Tale attività di carattere amministrativo sfugge all’insindacabilità garantita dall’art. 6 dello statuto ai deputati regionali, e conseguentemente è soggetta alla giurisdizione contabile.

Spettava, pertanto, alla Procura regionale presso la sezione giurisdizionale della Corte dei conti per la Sicilia adottare le note istruttorie oggetto di conflitto.

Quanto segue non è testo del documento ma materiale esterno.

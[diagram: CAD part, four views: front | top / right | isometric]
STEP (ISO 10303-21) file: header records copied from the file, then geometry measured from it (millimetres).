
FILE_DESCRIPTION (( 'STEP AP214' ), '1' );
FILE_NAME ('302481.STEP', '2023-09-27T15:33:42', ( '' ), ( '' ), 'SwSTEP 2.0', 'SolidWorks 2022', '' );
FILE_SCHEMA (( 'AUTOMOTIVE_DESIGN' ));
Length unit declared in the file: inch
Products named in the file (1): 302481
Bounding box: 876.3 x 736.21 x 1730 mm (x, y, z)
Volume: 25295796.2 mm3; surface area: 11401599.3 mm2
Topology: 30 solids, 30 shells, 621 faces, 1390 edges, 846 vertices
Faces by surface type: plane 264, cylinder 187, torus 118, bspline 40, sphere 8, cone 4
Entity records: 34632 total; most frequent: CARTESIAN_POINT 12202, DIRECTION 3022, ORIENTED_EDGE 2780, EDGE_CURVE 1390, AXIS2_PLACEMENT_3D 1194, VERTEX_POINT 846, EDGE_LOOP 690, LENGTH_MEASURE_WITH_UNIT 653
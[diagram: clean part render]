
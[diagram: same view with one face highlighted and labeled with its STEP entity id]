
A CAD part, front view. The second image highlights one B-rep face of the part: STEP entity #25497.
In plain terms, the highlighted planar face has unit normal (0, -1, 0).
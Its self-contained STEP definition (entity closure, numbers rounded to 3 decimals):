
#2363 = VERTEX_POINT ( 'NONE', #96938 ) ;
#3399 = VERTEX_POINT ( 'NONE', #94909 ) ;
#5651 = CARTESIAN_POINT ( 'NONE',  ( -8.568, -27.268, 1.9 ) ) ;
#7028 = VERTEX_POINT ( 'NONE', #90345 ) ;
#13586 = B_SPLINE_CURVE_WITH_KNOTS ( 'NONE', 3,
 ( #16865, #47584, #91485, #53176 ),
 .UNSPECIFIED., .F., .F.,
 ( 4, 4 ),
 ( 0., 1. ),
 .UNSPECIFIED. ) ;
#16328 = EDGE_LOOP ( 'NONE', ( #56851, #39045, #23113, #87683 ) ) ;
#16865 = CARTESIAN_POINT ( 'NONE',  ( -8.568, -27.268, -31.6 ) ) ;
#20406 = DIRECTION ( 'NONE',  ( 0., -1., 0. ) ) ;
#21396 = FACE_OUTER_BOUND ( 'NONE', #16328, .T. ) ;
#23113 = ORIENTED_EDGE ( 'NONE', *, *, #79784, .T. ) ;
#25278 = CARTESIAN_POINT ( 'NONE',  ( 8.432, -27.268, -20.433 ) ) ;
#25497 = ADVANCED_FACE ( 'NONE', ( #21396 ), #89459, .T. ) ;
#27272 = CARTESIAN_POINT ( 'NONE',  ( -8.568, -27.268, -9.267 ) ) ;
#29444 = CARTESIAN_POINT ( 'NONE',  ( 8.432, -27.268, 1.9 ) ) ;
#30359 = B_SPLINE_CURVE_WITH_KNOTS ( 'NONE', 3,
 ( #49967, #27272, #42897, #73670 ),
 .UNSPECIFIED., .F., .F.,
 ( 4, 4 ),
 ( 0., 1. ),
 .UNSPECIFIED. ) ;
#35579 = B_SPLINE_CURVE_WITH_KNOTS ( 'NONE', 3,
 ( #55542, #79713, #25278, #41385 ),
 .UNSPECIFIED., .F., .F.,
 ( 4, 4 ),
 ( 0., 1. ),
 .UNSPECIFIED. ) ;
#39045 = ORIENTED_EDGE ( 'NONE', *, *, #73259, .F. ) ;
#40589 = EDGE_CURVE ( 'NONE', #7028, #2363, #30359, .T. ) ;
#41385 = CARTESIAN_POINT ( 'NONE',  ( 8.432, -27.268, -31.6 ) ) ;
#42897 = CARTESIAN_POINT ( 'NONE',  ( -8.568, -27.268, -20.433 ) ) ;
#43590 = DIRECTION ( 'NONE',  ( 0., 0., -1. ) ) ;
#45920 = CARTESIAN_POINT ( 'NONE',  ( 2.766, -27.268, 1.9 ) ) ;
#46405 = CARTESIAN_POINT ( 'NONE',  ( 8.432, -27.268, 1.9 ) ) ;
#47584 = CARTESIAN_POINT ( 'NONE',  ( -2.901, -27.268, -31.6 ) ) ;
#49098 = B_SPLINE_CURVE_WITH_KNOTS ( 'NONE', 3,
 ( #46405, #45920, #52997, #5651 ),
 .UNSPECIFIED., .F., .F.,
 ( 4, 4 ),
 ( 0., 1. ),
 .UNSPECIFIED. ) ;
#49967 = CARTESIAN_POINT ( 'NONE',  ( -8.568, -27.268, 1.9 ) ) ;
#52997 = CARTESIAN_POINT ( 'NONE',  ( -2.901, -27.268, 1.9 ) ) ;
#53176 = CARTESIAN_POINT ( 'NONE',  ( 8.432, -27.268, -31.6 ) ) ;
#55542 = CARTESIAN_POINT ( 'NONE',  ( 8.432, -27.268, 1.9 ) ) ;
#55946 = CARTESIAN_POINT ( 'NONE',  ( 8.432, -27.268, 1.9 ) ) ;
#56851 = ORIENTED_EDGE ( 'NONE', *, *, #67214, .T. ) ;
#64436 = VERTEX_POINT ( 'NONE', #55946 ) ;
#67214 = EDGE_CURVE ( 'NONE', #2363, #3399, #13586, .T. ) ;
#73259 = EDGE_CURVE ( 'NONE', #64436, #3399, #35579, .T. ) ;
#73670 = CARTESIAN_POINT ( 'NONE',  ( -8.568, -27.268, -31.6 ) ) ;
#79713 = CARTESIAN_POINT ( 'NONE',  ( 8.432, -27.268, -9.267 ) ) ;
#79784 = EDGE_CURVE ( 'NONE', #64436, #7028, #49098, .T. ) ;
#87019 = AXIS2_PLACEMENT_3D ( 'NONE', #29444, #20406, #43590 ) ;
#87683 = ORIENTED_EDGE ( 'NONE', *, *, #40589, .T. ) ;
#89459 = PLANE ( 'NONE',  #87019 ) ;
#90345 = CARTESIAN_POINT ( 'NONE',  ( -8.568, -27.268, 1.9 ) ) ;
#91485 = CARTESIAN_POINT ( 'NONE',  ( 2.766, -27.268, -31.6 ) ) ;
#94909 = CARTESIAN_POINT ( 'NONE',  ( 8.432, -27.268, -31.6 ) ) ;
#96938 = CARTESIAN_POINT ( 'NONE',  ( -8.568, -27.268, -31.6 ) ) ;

5. – La presente decisione, risolvendo il merito del conflitto, determina non luogo a provvedere in ordine all’istanza cautelare proposta dalla ricorrente.

PER QUESTI MOTIVI

LA CORTE COSTITUZIONALE

dichiara che spettava allo Stato, e per esso al Procuratore regionale presso la sezione giurisdizionale della Corte dei conti per la Sicilia, adottare, ai sensi dell’articolo 74 del regio decreto 12 luglio 1934, n. 1214, le note 16 ottobre 2008, n. V2004/02645/GA/329641, e 7 novembre 2008, n. V2004/02645/GA/331032 nei confronti dell’Assemblea regionale siciliana, in relazione ad un parere reso dalla VI Commissione permanente di tale Assemblea.

Così deciso in Roma, nella sede della Corte costituzionale, Palazzo della Consulta, il 14 dicembre 2009.

F.to:

Francesco AMIRANTE, Presidente

Ugo DE SIERVO, Redattore

Giuseppe DI PAOLA, Cancelliere

Depositata in Cancelleria il 18 dicembre 2009.